GIVEN RECORDS:
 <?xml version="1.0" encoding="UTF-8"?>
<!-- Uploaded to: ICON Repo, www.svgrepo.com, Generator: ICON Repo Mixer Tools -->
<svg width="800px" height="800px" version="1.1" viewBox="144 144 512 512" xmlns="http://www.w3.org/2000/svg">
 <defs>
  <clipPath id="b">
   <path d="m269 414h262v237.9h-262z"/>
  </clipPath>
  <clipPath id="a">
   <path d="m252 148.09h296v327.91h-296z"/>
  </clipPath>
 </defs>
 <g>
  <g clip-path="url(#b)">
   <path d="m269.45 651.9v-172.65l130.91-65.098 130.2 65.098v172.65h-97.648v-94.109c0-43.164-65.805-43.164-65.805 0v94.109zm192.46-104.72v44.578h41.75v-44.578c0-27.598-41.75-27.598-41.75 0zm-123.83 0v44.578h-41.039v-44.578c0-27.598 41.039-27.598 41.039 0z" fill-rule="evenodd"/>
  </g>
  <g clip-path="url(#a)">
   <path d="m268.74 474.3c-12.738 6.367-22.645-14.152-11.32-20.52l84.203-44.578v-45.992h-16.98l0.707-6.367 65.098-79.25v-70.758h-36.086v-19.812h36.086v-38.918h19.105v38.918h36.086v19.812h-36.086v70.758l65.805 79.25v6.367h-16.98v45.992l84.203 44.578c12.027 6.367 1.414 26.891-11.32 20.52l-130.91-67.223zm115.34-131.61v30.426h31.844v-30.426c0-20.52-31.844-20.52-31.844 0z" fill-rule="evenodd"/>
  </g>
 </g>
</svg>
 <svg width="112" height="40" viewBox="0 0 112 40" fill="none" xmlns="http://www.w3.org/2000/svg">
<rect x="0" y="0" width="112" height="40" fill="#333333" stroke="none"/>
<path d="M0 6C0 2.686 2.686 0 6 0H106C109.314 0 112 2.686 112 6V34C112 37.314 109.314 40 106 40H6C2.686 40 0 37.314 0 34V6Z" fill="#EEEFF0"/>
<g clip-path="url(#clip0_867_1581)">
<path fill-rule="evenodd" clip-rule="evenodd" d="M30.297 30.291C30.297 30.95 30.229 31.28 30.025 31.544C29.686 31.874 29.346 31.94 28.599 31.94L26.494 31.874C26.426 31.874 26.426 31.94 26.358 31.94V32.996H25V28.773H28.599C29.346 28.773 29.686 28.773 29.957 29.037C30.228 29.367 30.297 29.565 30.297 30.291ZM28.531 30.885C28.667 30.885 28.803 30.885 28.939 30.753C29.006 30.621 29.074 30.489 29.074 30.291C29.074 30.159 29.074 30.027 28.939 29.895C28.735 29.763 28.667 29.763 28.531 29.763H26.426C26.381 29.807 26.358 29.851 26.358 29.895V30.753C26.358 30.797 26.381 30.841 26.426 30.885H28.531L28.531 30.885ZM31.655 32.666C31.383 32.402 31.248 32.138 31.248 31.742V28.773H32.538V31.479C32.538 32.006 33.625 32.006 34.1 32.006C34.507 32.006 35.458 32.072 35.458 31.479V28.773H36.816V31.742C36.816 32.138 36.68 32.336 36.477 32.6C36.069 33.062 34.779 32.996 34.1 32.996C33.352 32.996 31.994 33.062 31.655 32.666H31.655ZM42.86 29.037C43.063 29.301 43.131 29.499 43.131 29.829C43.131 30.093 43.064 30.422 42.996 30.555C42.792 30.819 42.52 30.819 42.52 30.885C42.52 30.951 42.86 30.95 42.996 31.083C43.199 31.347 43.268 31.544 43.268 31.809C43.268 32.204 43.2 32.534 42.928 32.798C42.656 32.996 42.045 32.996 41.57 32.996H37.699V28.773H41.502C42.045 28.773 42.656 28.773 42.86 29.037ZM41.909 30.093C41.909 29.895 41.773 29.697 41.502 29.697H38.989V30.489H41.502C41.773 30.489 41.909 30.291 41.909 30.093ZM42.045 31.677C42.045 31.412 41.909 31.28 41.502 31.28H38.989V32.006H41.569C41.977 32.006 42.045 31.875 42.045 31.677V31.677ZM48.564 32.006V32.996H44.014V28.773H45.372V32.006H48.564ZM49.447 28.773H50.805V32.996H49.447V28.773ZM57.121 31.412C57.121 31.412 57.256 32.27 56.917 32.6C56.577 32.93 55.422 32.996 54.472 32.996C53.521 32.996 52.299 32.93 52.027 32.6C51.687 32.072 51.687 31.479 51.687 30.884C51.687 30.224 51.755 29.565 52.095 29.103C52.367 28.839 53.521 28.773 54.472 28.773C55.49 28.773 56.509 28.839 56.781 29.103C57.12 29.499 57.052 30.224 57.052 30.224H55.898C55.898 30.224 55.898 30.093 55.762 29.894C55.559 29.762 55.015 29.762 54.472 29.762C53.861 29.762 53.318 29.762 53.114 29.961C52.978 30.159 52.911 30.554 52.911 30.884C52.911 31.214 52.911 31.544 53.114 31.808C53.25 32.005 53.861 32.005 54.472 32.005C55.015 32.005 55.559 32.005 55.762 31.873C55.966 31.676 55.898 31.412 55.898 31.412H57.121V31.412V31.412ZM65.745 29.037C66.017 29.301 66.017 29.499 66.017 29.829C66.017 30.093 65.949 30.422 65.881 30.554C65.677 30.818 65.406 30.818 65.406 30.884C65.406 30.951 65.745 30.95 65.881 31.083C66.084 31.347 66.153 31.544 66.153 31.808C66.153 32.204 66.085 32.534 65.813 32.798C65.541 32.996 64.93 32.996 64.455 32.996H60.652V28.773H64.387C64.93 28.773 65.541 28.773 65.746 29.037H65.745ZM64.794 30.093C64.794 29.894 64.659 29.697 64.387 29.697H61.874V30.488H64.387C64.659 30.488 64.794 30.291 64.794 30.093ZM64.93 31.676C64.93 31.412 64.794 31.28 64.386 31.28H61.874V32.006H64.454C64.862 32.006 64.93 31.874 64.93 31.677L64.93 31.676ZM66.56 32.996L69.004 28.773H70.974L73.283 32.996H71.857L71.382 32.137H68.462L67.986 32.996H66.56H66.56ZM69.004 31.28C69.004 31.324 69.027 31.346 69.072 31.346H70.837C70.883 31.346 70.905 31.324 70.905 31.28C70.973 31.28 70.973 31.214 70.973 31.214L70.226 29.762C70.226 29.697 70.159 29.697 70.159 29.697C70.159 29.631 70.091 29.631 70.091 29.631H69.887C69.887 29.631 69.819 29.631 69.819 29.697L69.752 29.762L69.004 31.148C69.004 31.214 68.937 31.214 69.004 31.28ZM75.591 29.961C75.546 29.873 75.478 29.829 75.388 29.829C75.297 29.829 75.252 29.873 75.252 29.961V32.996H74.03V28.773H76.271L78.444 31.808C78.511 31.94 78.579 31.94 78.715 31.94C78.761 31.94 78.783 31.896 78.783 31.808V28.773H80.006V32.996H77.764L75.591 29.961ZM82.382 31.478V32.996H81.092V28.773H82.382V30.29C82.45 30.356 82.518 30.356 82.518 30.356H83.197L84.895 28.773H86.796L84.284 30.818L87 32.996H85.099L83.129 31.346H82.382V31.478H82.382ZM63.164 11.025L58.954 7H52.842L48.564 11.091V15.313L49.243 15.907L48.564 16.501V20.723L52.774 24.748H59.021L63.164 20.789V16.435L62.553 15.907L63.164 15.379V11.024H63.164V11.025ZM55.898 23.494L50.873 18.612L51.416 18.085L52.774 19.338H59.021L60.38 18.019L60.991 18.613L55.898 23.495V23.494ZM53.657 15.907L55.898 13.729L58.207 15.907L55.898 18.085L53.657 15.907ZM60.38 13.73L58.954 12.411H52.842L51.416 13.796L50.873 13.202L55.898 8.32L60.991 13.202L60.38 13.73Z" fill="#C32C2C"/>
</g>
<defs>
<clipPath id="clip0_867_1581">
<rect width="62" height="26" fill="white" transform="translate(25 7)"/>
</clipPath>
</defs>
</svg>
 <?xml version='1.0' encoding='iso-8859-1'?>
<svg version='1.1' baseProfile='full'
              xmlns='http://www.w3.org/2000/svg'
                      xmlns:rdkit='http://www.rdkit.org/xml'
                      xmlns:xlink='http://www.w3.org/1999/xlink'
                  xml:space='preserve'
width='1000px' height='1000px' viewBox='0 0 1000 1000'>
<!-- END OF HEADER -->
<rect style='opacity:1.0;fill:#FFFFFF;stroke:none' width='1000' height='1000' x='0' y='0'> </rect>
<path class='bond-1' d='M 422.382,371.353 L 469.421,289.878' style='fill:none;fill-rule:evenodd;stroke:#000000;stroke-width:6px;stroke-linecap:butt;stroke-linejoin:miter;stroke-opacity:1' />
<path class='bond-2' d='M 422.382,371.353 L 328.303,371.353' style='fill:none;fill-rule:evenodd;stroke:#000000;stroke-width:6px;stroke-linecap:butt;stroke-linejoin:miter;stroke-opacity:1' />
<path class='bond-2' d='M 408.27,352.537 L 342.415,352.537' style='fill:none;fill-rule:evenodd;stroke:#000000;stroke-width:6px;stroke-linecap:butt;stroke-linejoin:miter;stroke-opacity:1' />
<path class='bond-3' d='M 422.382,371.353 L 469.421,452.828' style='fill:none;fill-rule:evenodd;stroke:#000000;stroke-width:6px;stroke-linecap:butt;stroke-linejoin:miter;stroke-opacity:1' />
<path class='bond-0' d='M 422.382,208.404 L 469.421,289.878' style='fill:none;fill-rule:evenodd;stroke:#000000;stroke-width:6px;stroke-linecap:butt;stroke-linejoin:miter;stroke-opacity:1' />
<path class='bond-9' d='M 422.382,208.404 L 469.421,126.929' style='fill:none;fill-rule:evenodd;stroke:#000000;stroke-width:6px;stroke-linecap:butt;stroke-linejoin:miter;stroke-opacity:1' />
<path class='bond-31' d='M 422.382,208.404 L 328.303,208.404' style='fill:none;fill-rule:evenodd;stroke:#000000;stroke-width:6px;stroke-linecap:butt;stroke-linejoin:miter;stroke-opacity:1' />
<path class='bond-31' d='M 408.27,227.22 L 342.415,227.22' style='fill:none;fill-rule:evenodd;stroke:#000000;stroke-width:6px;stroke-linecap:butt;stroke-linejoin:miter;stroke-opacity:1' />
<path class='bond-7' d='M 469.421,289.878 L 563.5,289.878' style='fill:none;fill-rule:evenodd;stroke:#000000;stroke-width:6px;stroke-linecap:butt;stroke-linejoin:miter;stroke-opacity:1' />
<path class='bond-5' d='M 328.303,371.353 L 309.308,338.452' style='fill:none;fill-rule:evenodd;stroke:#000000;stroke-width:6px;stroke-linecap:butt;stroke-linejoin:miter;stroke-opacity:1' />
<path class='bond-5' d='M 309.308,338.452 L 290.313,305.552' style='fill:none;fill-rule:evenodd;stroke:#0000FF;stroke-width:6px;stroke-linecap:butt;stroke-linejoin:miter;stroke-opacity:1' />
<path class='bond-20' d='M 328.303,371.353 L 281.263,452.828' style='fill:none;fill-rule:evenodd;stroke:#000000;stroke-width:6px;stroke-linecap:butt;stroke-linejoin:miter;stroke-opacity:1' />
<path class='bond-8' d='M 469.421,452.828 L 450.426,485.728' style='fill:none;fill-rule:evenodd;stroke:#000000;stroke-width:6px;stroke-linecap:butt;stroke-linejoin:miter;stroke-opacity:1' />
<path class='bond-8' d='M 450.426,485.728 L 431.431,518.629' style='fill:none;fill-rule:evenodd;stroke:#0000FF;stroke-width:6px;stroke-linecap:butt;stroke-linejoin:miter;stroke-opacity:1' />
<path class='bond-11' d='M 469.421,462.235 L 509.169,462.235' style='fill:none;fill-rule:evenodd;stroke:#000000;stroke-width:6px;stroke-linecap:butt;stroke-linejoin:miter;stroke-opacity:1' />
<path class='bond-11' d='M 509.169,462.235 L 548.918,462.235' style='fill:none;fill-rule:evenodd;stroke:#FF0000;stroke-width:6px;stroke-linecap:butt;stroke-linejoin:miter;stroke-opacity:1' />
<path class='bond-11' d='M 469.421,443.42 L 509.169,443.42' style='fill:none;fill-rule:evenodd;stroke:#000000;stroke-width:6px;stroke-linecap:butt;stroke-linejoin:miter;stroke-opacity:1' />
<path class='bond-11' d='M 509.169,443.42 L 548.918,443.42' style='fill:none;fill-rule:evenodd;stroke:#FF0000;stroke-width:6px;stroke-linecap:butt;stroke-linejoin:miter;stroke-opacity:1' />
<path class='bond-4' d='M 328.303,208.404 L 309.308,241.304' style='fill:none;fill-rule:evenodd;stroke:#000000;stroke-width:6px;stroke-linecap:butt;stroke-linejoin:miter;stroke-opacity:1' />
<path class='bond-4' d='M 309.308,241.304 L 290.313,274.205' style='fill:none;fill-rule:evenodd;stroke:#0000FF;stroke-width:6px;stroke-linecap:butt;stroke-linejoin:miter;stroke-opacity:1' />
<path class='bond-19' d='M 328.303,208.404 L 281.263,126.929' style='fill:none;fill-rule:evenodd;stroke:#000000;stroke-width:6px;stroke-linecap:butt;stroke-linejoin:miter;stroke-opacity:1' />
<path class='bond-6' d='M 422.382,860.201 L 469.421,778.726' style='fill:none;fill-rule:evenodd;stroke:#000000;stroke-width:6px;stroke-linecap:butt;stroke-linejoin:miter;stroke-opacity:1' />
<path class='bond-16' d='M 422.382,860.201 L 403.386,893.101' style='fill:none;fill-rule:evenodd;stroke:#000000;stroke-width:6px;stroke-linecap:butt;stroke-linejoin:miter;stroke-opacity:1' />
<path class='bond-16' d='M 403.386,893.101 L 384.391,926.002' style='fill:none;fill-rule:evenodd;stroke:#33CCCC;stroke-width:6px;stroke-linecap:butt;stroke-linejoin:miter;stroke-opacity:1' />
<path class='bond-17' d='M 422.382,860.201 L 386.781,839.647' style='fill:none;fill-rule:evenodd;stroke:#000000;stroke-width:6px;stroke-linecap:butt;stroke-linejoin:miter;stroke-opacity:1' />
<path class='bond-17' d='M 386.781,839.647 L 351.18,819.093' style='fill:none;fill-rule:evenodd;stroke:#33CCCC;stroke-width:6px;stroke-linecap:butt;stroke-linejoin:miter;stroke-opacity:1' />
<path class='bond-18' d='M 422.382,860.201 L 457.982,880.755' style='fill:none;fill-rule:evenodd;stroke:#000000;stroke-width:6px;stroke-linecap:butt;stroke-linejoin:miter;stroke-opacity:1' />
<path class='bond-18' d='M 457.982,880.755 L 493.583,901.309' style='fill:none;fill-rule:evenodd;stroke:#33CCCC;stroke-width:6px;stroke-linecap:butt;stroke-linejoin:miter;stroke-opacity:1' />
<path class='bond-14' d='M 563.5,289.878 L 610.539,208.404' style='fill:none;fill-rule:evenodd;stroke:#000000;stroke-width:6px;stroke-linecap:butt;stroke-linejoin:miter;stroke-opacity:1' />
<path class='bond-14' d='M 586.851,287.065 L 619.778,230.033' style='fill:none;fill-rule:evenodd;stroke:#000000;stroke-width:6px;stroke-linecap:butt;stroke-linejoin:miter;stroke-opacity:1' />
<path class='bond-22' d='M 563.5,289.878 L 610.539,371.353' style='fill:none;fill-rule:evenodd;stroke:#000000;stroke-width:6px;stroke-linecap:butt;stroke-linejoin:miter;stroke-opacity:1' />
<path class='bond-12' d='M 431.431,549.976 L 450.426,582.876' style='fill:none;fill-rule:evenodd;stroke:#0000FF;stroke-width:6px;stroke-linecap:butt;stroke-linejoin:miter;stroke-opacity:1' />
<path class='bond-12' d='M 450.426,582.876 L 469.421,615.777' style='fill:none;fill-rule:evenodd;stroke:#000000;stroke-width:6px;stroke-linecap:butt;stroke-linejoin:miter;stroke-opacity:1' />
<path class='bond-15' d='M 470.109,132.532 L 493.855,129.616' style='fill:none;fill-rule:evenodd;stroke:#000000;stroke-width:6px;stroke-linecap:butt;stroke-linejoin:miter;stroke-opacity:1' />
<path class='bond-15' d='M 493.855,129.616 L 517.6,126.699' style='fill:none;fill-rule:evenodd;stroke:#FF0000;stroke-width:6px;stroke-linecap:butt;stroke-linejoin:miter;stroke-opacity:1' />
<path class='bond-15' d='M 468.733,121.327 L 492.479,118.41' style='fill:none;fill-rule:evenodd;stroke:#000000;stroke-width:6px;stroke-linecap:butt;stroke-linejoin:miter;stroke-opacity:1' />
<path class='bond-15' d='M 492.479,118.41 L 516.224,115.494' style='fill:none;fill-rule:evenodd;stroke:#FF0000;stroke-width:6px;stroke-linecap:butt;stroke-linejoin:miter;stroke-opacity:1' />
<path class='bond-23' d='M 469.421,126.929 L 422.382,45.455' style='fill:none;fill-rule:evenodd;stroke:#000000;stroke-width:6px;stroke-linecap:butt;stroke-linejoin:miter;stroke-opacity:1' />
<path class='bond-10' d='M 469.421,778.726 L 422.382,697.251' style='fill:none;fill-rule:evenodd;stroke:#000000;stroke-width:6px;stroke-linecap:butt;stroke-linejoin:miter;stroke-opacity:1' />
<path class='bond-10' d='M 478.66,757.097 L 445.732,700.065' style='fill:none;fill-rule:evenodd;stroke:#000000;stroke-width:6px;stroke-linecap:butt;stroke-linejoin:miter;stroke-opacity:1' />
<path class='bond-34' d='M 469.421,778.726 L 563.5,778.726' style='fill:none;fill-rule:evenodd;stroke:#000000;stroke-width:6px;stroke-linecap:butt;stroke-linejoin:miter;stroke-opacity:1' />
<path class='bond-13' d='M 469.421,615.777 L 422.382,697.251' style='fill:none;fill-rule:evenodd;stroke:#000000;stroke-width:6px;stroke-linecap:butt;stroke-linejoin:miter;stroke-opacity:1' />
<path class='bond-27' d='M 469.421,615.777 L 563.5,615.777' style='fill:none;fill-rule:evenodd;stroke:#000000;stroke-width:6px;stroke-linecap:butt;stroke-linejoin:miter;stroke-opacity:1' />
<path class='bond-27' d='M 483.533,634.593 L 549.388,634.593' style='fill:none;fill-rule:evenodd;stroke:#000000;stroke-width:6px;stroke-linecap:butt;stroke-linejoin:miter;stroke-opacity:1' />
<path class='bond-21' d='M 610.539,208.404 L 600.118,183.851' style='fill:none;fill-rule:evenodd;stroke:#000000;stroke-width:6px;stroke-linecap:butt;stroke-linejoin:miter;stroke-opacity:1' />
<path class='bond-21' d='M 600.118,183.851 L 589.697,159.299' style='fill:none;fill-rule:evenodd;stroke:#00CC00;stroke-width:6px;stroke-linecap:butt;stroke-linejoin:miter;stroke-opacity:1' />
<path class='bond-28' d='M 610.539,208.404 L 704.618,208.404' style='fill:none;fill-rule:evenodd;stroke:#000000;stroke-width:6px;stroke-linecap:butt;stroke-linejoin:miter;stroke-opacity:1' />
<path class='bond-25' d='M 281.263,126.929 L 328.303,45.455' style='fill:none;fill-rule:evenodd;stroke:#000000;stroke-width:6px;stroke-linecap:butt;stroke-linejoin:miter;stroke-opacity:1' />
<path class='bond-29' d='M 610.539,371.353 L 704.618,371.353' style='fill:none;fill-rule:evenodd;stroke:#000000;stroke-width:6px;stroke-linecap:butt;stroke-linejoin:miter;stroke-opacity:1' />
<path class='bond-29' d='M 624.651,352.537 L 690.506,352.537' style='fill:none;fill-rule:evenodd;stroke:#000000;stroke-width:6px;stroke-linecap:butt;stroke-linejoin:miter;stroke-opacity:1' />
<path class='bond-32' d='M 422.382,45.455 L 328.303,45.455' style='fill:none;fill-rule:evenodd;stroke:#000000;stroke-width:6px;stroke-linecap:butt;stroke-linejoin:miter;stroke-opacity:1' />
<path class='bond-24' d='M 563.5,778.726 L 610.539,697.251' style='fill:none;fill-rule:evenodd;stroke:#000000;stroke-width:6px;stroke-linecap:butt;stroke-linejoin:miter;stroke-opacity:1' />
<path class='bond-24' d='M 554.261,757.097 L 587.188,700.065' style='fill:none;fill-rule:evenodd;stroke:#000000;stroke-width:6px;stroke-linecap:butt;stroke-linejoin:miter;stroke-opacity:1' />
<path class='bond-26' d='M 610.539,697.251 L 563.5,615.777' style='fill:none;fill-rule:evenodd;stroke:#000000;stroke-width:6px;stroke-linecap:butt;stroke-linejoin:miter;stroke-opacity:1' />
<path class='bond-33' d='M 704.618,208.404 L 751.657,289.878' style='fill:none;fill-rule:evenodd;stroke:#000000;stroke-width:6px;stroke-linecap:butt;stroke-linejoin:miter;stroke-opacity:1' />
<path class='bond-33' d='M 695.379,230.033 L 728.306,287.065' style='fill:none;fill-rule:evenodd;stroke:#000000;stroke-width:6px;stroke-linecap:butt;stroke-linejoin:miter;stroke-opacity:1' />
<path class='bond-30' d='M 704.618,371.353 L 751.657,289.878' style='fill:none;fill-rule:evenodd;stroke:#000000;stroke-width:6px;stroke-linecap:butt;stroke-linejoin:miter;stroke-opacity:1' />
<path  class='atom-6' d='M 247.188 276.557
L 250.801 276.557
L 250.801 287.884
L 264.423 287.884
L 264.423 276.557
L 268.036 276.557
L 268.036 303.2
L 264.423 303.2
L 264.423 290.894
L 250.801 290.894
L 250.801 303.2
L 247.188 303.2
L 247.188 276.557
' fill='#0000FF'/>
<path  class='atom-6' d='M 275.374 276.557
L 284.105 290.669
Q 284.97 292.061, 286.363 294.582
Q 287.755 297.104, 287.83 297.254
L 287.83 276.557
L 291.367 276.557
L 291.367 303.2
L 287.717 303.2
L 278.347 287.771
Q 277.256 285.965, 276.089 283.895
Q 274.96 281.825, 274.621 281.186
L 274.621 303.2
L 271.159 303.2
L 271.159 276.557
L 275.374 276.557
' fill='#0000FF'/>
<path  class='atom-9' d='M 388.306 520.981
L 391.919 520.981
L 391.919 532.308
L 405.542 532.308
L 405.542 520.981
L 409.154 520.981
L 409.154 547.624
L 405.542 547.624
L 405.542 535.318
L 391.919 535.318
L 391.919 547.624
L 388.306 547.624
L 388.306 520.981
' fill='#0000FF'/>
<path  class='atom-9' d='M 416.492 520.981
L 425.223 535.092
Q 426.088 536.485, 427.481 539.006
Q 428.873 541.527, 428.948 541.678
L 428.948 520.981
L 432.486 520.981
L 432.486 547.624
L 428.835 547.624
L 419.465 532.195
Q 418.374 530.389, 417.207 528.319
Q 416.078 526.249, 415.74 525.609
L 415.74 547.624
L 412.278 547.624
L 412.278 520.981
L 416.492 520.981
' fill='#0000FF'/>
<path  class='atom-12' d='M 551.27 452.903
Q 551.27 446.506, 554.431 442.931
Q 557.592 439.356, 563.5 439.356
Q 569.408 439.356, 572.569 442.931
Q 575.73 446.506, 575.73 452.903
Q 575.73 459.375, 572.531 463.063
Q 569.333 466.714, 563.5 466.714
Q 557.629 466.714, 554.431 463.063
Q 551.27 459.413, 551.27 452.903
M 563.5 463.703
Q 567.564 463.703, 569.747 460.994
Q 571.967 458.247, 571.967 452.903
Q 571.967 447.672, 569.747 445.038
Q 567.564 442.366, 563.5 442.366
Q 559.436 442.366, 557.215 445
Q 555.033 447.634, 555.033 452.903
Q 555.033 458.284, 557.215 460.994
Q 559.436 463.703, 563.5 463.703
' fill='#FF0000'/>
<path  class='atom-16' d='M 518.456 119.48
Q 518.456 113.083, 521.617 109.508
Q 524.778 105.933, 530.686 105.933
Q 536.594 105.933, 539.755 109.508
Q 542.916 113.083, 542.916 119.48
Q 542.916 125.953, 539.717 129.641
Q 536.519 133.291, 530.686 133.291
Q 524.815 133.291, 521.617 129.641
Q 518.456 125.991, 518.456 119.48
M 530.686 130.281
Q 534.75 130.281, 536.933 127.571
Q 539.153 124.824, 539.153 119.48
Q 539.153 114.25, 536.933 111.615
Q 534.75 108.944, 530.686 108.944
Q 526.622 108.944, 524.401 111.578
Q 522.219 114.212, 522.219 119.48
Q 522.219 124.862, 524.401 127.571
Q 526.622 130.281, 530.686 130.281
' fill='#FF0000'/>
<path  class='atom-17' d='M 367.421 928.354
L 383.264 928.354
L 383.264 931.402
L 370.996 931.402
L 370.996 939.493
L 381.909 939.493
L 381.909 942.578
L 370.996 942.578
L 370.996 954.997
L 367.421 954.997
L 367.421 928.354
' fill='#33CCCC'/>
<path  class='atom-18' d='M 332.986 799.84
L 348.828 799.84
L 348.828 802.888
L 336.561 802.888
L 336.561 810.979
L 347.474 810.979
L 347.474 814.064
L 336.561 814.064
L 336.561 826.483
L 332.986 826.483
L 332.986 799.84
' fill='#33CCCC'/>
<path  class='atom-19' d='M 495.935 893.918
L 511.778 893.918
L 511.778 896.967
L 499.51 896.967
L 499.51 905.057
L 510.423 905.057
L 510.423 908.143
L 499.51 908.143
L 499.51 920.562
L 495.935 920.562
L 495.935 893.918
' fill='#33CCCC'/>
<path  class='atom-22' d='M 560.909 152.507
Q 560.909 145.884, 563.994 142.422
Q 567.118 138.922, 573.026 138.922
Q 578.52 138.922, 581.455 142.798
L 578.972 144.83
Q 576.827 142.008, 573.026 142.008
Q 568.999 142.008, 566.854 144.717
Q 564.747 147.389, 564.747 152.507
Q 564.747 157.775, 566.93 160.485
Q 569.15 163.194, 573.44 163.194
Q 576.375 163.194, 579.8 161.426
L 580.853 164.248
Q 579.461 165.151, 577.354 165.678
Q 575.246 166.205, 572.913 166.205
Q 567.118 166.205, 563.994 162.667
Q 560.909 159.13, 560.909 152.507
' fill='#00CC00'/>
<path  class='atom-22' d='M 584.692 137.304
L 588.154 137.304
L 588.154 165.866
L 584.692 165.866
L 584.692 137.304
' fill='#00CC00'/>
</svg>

YOUR INSTRUCTIONS: Search the data for the string "viewBox" and copy each line where it appears.

ANSWER AREA:
<svg width="800px" height="800px" version="1.1" viewBox="144 144 512 512" xmlns="http://www.w3.org/2000/svg">
 <svg width="112" height="40" viewBox="0 0 112 40" fill="none" xmlns="http://www.w3.org/2000/svg">
width='1000px' height='1000px' viewBox='0 0 1000 1000'>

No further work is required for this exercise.